The clinical reading results showed that DL-ToF models present favourable performance. For instance, in Table 2, DL-ToF(H), which has the least smooth DL-ToF model or highest ToF strength, achieves on average 3.83, 4.18, and 3.39 scores for the key metrics of diagnostic confidence, lesion detectability, and image noise/quality compared to reference ToF images with the corresponding scores of 3.53, 4.08, and 3.08, respectively. In our test set, the best score for lesion detectability was from DLT(H) with the best score for image noise/quality from DLT(L) and diagnostic confidence from DLT(M). Overall, in terms of diagnostic confidence, the DL-ToF(M) model provides a better trade-off in our test set as a lower noise and improved detectability are desirable features for an image reconstruction or enhancement technique. It is the balance of good performance regarding lesion detectability and image noise that leads to best diagnostic confidence as shown by the blinded clinician scores and ranking. In some implementations of PET image reconstruction, including that used here, the use of ToF information can lead to faster convergence and hence a noisier image as compared to non-TOF for the same number of iterations. It is possible to smooth ToF images with a Gaussian filter or in the case of BSREM to use a larger beta value but this may come at the cost of a reduction in lesion detectability [7].

This study utilised a U-Net model, as an encoder-decoder CNN, that was trained using a diverse set of DMI datasets. The quality and diversity of the training set is one of the key factors in the performance and generalisability of a CNN model. To exemplify this generalisability, the models were also applied to ten patients scanned on a BGO non-ToF scanner (GE Healthcare Discovery IQ), as shown in Figs. 5 and 6 and Supplementary Figs. 6–9. These examples suggest that the models may work on data from scanners that were not part of the training dataset; examining this in more detail will be the subject of a follow-on study.
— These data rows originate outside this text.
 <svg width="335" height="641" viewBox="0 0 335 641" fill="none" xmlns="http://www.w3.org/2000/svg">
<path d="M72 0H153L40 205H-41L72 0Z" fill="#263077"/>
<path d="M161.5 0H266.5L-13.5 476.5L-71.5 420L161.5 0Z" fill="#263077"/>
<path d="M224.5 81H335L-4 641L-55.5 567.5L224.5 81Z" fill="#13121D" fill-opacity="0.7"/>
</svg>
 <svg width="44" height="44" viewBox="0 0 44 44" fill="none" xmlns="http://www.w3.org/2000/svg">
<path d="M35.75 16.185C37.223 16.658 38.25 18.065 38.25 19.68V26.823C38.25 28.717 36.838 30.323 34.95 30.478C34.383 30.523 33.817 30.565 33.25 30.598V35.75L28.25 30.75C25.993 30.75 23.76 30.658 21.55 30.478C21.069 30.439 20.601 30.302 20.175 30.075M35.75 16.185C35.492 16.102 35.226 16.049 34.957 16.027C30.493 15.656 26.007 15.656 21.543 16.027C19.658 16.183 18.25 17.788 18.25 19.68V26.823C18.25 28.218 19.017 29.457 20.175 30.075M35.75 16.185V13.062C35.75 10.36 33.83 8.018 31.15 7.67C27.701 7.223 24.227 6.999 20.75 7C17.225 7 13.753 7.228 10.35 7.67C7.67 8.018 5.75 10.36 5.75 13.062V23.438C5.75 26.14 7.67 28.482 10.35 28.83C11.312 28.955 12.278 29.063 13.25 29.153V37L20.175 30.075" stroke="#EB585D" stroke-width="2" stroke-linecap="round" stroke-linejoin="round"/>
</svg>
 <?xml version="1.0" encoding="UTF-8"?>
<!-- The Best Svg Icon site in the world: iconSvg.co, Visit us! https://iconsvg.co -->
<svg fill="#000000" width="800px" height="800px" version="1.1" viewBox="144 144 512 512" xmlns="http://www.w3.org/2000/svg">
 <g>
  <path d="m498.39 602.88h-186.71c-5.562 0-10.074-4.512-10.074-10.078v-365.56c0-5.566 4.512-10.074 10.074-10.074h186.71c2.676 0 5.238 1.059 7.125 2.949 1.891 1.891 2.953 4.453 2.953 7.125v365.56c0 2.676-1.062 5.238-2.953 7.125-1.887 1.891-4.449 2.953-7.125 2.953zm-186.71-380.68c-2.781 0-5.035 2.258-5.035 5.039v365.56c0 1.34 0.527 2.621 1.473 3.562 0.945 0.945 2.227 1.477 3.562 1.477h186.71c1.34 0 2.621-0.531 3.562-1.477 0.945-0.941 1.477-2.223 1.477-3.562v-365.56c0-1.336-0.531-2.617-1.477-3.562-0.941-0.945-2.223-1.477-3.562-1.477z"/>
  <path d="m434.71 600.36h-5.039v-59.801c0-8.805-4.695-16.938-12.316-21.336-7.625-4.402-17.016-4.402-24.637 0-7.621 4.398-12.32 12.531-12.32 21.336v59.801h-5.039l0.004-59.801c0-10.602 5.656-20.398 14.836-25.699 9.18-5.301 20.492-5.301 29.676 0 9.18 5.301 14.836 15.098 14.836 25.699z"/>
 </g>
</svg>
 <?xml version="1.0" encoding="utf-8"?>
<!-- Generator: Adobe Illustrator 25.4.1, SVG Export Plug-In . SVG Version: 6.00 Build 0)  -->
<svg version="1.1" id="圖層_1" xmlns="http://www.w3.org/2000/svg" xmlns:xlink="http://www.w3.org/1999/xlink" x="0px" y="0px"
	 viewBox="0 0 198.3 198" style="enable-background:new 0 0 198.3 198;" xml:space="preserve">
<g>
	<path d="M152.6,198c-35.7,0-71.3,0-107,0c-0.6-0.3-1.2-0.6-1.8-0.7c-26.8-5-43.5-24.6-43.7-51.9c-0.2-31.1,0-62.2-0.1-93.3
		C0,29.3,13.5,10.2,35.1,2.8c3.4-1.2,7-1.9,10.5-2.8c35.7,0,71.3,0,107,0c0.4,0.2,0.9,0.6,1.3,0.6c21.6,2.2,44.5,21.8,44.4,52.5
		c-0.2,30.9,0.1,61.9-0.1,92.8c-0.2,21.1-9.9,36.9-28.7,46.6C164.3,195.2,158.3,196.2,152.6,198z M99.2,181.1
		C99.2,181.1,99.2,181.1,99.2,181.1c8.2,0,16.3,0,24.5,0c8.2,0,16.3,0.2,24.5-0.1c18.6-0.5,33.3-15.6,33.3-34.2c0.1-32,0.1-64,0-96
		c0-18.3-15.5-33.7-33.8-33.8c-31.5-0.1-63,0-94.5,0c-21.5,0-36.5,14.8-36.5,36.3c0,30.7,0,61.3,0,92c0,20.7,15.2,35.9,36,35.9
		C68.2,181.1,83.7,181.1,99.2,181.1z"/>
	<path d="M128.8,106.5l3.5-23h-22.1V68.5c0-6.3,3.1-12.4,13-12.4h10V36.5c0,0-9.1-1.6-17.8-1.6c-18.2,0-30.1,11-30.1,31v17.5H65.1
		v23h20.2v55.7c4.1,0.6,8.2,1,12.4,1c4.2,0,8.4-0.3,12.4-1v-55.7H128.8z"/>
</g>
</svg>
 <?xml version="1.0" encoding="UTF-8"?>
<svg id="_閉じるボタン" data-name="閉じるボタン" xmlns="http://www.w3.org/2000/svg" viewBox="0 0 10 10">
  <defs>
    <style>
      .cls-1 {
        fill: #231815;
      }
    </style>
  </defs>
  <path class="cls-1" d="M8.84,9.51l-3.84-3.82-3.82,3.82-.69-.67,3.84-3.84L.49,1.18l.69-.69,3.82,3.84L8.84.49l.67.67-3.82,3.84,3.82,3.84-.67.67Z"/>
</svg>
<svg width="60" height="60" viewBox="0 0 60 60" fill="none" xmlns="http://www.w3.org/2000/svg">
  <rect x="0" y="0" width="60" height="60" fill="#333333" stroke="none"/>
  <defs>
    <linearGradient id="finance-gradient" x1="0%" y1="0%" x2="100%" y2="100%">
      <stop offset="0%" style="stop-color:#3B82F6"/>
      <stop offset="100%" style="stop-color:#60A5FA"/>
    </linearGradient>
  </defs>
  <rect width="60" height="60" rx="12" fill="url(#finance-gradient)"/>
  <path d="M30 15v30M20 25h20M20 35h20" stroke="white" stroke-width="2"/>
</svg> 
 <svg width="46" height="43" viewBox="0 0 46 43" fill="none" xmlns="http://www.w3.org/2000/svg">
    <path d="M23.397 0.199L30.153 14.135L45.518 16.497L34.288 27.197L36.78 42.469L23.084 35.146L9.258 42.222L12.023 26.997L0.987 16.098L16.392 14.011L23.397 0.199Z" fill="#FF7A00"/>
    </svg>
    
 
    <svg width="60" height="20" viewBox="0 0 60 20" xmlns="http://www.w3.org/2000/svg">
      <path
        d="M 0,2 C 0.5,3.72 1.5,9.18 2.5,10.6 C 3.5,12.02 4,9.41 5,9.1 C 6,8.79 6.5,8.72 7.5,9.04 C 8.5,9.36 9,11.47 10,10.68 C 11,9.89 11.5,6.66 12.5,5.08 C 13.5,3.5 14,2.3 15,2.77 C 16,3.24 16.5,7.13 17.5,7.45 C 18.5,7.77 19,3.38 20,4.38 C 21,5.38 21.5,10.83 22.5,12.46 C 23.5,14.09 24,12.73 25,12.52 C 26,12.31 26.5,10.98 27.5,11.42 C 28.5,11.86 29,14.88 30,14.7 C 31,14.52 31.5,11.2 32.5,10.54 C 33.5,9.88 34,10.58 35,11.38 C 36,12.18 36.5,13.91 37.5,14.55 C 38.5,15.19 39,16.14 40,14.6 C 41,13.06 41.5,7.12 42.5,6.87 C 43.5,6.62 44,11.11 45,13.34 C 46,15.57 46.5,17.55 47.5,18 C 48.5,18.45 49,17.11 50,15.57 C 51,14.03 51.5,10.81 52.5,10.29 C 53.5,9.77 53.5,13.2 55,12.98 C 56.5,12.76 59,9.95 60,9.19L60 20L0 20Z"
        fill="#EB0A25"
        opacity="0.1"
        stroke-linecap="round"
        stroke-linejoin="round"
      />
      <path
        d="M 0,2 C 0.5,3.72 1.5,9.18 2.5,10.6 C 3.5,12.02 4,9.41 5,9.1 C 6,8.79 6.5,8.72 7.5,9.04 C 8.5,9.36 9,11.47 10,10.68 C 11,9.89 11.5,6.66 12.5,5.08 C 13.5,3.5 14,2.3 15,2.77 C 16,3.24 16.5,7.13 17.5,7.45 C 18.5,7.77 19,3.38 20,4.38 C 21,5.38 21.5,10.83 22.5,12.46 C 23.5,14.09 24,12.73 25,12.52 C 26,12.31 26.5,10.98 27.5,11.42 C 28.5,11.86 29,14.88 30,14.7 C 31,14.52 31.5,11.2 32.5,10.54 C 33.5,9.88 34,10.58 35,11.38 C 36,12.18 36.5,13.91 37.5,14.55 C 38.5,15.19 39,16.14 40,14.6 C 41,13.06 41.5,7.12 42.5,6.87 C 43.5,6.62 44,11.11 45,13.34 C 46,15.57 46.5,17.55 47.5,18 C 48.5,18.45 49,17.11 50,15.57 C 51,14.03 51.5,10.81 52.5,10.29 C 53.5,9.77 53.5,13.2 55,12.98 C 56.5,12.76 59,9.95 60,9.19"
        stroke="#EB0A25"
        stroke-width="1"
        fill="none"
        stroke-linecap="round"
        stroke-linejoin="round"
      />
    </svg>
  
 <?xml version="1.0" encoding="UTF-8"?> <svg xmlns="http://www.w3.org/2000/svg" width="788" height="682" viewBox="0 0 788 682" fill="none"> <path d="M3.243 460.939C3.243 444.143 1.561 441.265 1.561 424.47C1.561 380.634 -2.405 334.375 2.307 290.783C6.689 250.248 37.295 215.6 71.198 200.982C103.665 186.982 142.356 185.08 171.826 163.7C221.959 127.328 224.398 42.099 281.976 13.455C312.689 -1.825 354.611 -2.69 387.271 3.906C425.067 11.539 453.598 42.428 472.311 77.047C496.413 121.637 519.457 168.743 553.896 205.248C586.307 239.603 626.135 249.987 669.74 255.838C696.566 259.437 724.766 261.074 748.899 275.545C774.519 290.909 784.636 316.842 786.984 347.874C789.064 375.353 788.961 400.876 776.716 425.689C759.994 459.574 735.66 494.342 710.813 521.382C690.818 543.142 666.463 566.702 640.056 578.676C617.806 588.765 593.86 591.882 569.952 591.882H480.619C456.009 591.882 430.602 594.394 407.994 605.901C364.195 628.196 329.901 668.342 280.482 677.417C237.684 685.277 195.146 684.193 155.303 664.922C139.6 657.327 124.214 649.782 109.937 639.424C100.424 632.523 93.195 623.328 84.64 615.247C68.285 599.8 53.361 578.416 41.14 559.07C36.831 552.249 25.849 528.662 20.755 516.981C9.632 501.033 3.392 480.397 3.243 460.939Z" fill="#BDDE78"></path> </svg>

This study has a number of limitations. Our testing sets do not include randomly selected exams (i.e. combination of normal/abnormal) but rather patients with lesions that showed low activity or which were completely missed in non-ToF BSREM images. Therefore, our results might be biased to highlight the gap between ToF and non-ToF reconstructions. However, our results with another testing set used during model validation (not shown in this study) demonstrated that our DL-ToF models show the greatest enhancement for patients with the highest BMI; this result is in line with the expected behaviour of ToF reconstruction. Another limitation could be that the readers were shown all 5 sets of images (blinded) of a subject at the same time. This might bias the scoring of the images, although was considered advantageous, in order to facilitate the detection of false positive or missing lesions by comparing images all at once and furthermore is required in order to produce a rank ordering. Further, DL-ToF models were not compared to any other ToF image enhancement technique given the novelty of our methodology and they were not tested for non-FDG tracers. Therefore, this work opens new research topics for future studies. Future work should include further clinical evaluation using a cohort of FDG exams with the possibility of getting the clinical feedback into the training cycle of our models.


This study developed three deep convolutional neural networks for ToF-like enhancement of PET images acquired in non-ToF PET/CT scanners. Our results demonstrate that the proposed networks improve the feature quantification (lesions, liver and lungs), overall image sharpness (as seen with ToF, e.g. organ delineation, ribs, vertebrae), and overall diagnostic value (particularly in terms of lesion detectability and diagnostic confidence). Depending on the model ToF strength, DL-ToF(L) showed more noise reduction, whereas DL-ToF(H) had the greatest improvement in lesion detection. DL-ToF(M) presented a balanced performance and best diagnostic confidence. We conclude that deep learning–enhanced image reconstruction can markedly improve non-ToF PET images towards their corresponding ToF images.